What to produce: Your copy should match the records below word for word and contain no pictures.
Records for this exercise Block Start
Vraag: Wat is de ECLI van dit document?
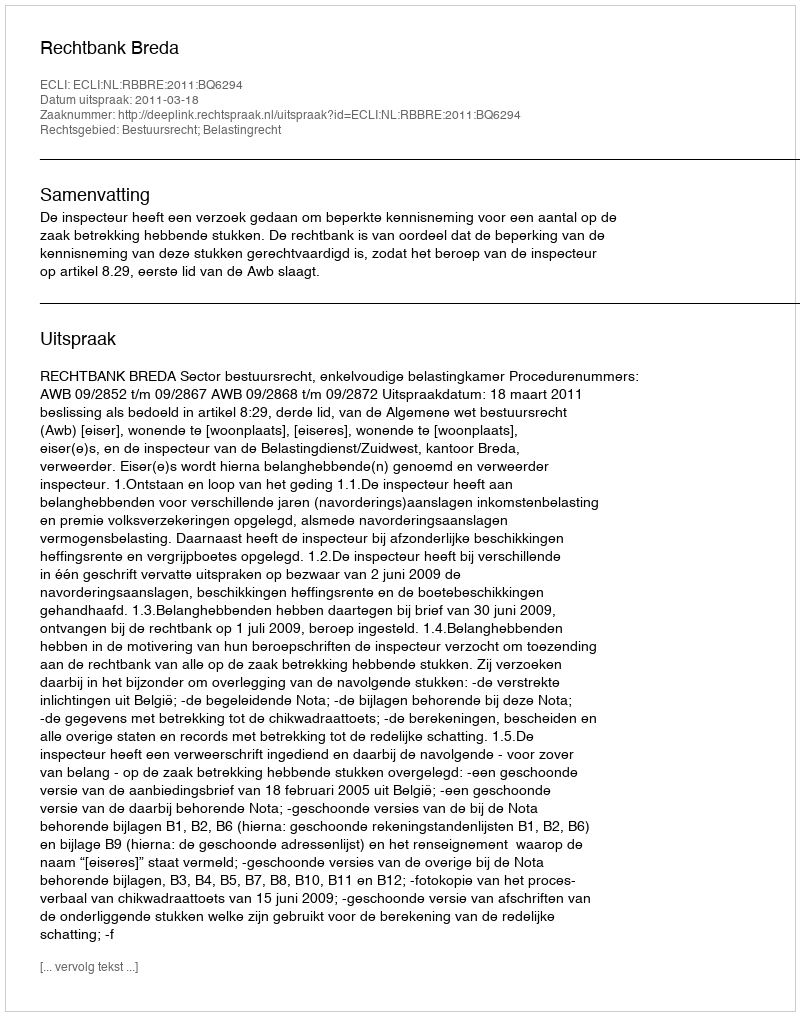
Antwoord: ECLI:NL:RBBRE:2011:BQ6294
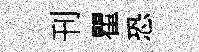
刊瞿恐
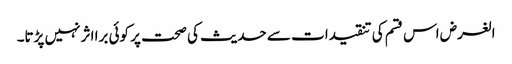
الغرض اس قسم کی تنقیدات سے حدیث کی صحت پر کوئی برا اثر نہیں پڑتا۔
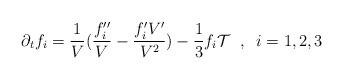
LaTeX: \begin{align*}\partial_t f_i= \frac{1}{V}(\frac{f_i''}{V}- \frac{f_i'V'}{V^2}) -\frac{1}{3}f_i \mathcal{T}\;\;, \;\; i=1, 2, 3\end{align*}
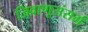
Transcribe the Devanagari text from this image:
जिवाणूसंसर्ग
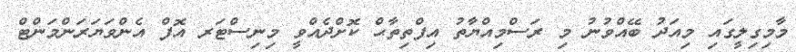
މާމިގިލީގައި މިއަދު ބޭއްވުނު މި ރަސްމިއްޔާތު އިފްތިތާޙް ކޮށްދެއްވީ މިނިސްޓަރ އޮފް އެންވަޔަރަންމަންޓް
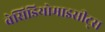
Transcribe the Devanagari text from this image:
बेसिडियोमाइसीट्स
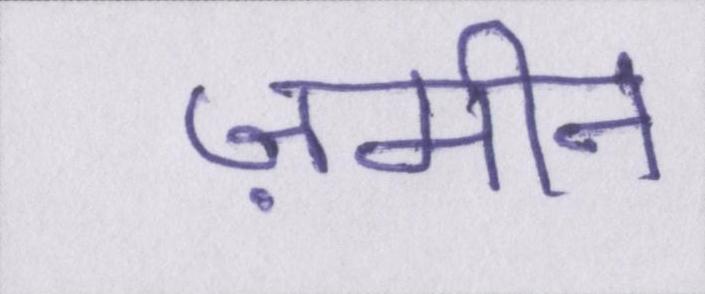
Records for this exercise Block End
Exercise response:
Vraag: Wat is de ECLI van dit document?
Antwoord: ECLI:NL:RBBRE:2011:BQ6294
刊瞿恐
الغرض اس قسم کی تنقیدات سے حدیث کی صحت پر کوئی برا اثر نہیں پڑتا۔
LaTeX: \begin{align*}\partial_t f_i= \frac{1}{V}(\frac{f_i''}{V}- \frac{f_i'V'}{V^2}) -\frac{1}{3}f_i \mathcal{T}\;\;, \;\; i=1, 2, 3\end{align*}
Transcribe the Devanagari text from this image:
जिवाणूसंसर्ग
މާމިގިލީގައި މިއަދު ބޭއްވުނު މި ރަސްމިއްޔާތު އިފްތިތާޙް ކޮށްދެއްވީ މިނިސްޓަރ އޮފް އެންވަޔަރަންމަންޓް
Transcribe the Devanagari text from this image:
बेसिडियोमाइसीट्स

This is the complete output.